• Exercise
The whole listing needs retyping exactly; keep the pictures out of it.

.....

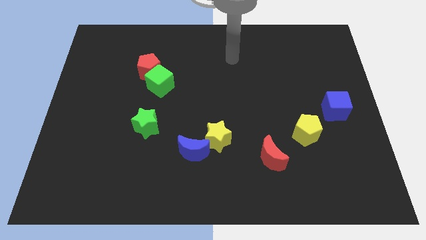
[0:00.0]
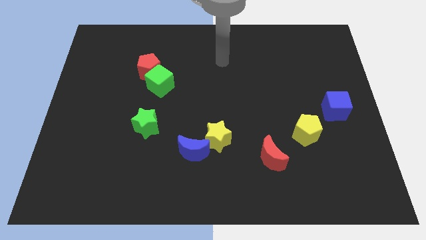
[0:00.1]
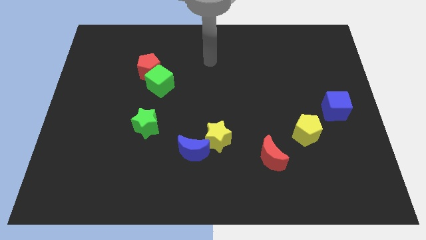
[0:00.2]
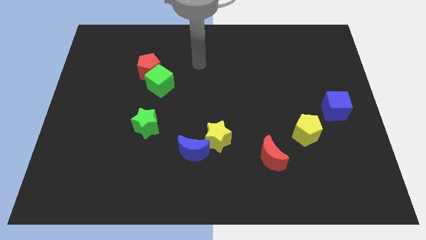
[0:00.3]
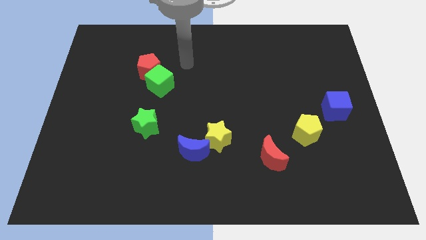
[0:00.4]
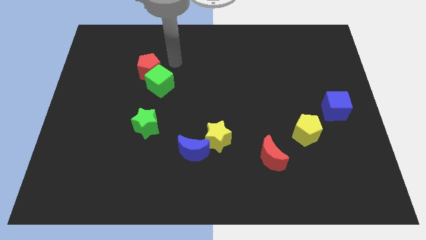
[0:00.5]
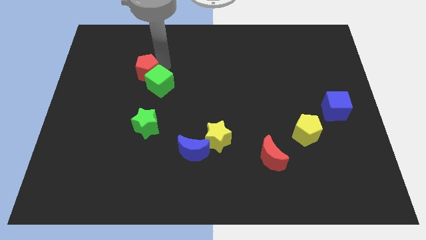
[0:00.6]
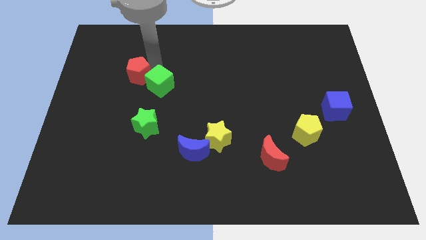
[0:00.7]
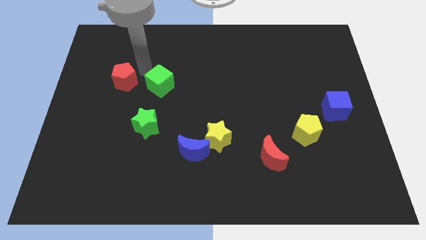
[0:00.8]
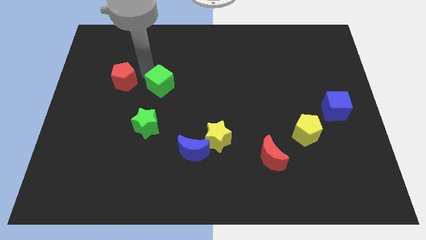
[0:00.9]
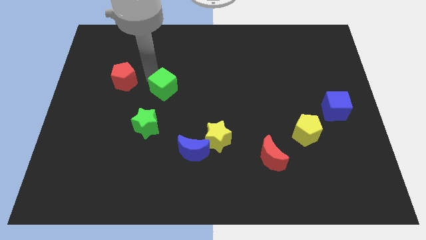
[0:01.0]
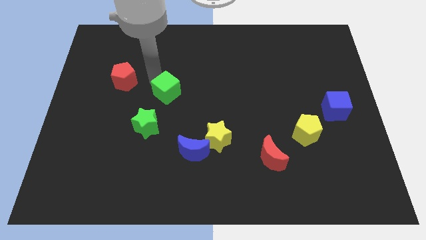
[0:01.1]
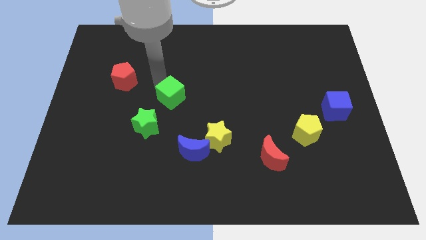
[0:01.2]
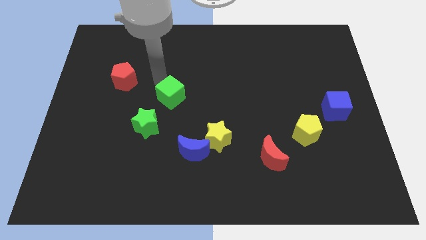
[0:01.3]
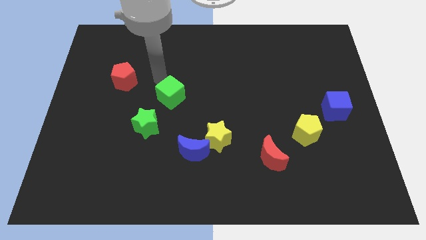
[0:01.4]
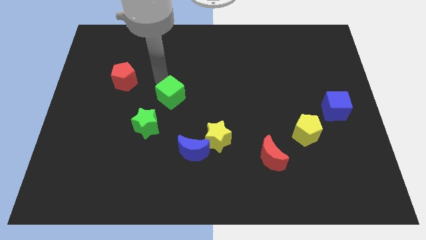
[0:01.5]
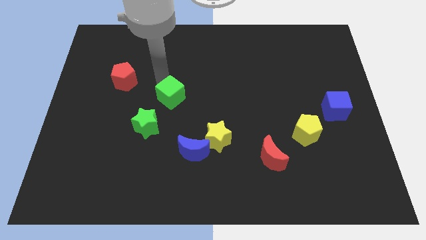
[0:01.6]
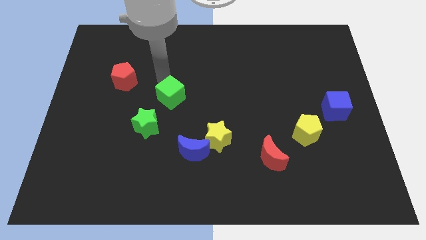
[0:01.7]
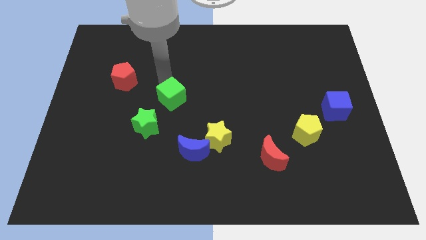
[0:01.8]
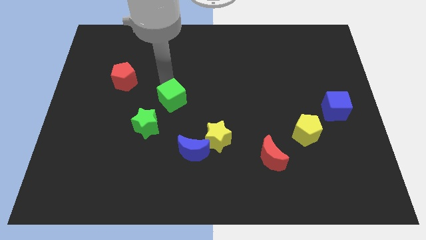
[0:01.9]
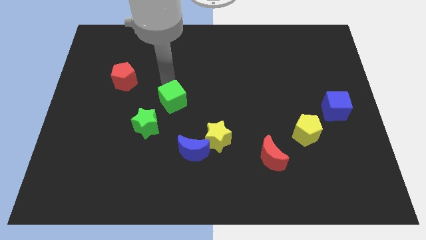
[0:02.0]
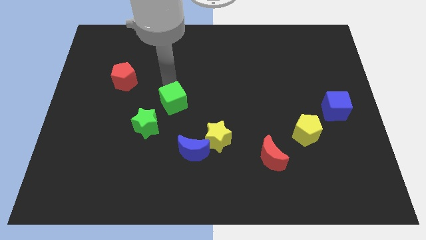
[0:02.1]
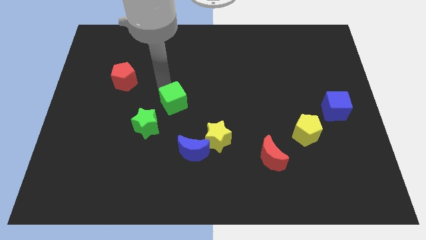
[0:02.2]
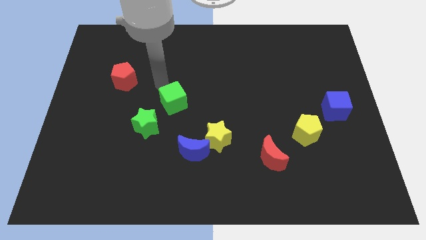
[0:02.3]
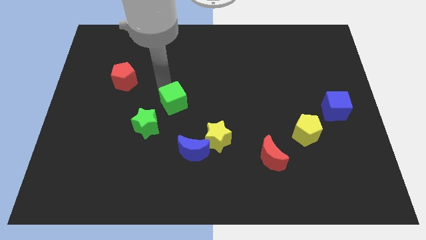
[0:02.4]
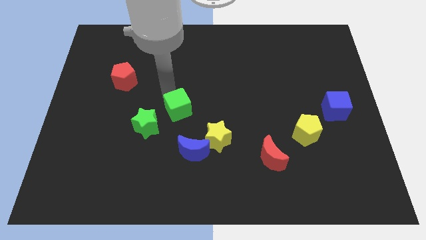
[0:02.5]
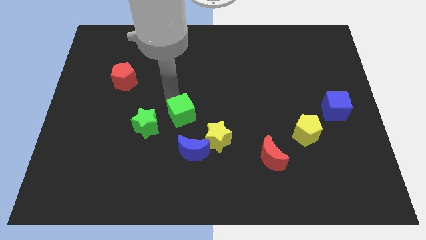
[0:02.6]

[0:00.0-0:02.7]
push the green cube to the right of the green star

.....

• Solution for this problem
[0:00.0]
[0:00.1]
[0:00.2]
[0:00.3]
[0:00.4]
[0:00.5]
[0:00.6]
[0:00.7]
[0:00.8]
[0:00.9]
[0:01.0]
[0:01.1]
[0:01.2]
[0:01.3]
[0:01.4]
[0:01.5]
[0:01.6]
[0:01.7]
[0:01.8]
[0:01.9]
[0:02.0]
[0:02.1]
[0:02.2]
[0:02.3]
[0:02.4]
[0:02.5]
[0:02.6]

[0:00.0-0:02.7]
push the green cube to the right of the green star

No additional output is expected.